__Required action__. Lines before the one containing "main class: Grassland" are to be skipped; reproduce that line and the rest of the records below exactly.

__The records__.
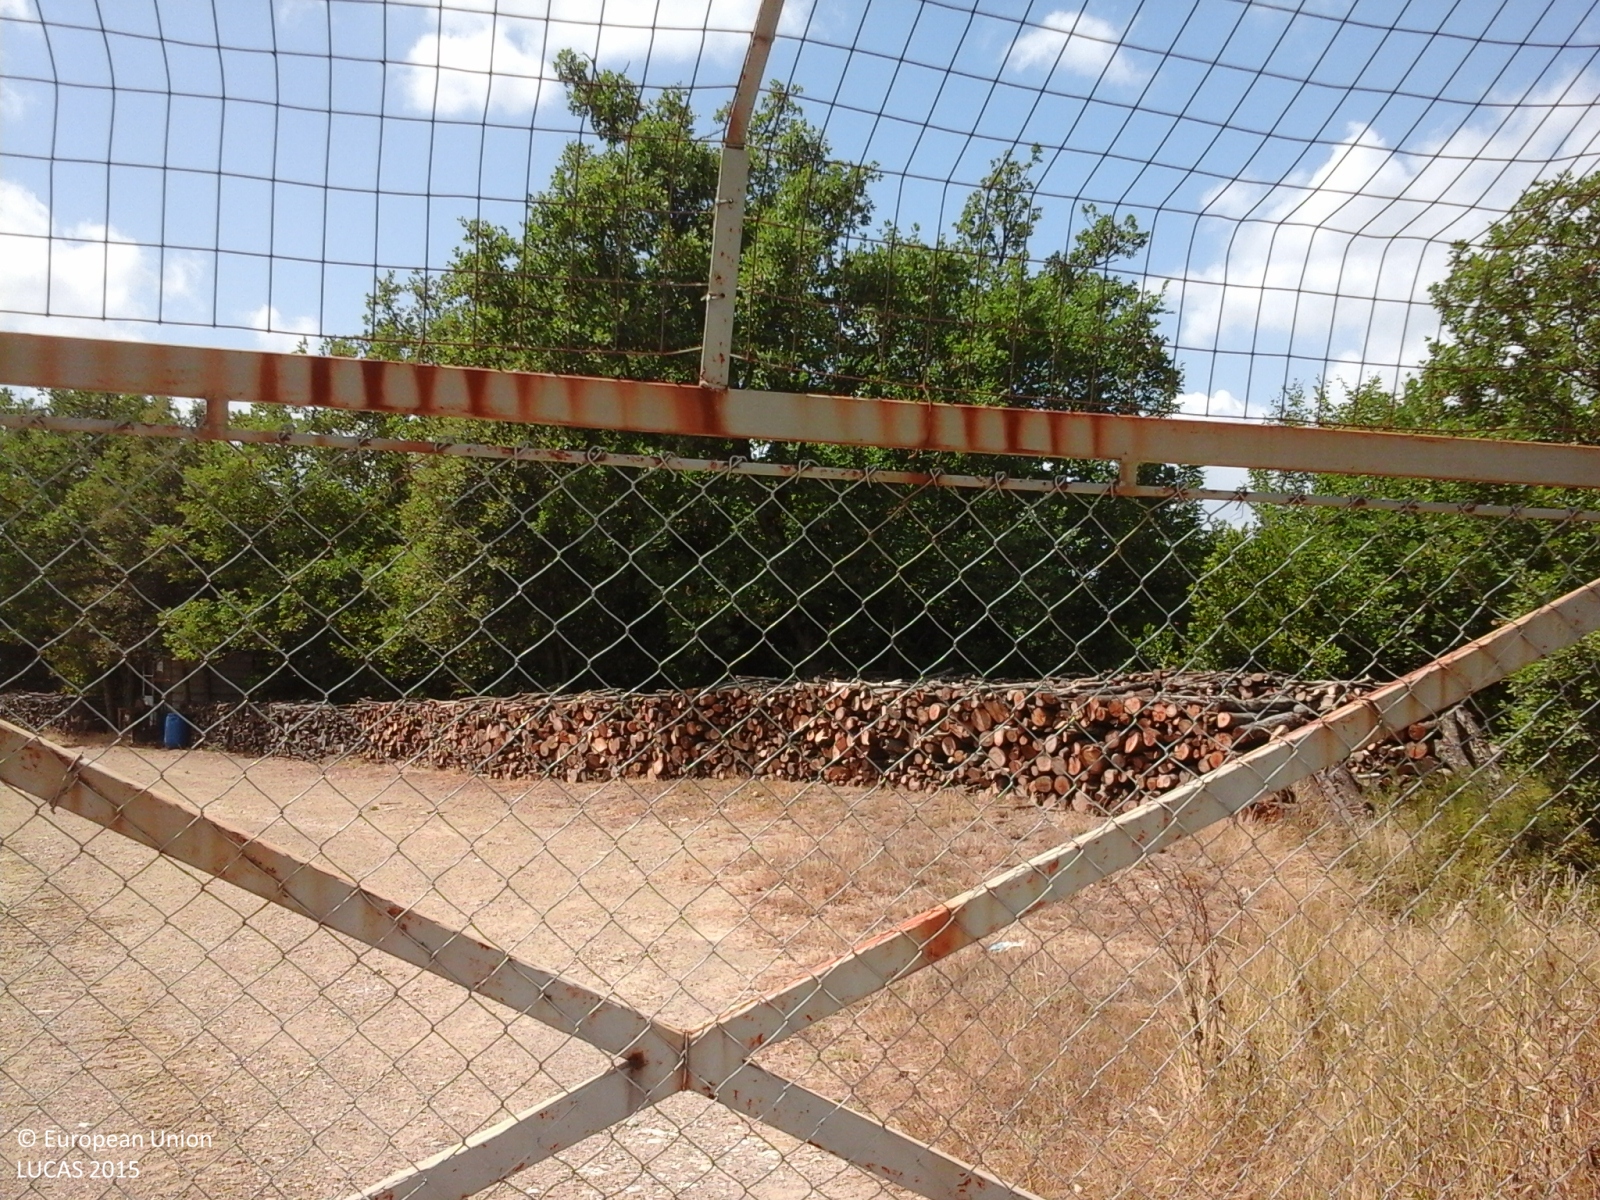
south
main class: Grassland
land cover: Grassland with sparse tree/shrub cover
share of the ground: > 75 %
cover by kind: herbaceous plants 85 %, shrubs 10 %, broadleaved forest trees 5 %
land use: Agriculture (excluding fallow land and kitchen gardens)
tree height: < 5 m
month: February
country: IT
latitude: 43.4443
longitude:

__Answer to this problem__.
main class: Grassland
land cover: Grassland with sparse tree/shrub cover
share of the ground: > 75 %
cover by kind: herbaceous plants 85 %, shrubs 10 %, broadleaved forest trees 5 %
land use: Agriculture (excluding fallow land and kitchen gardens)
tree height: < 5 m
month: February
country: IT
latitude: 43.4443
longitude:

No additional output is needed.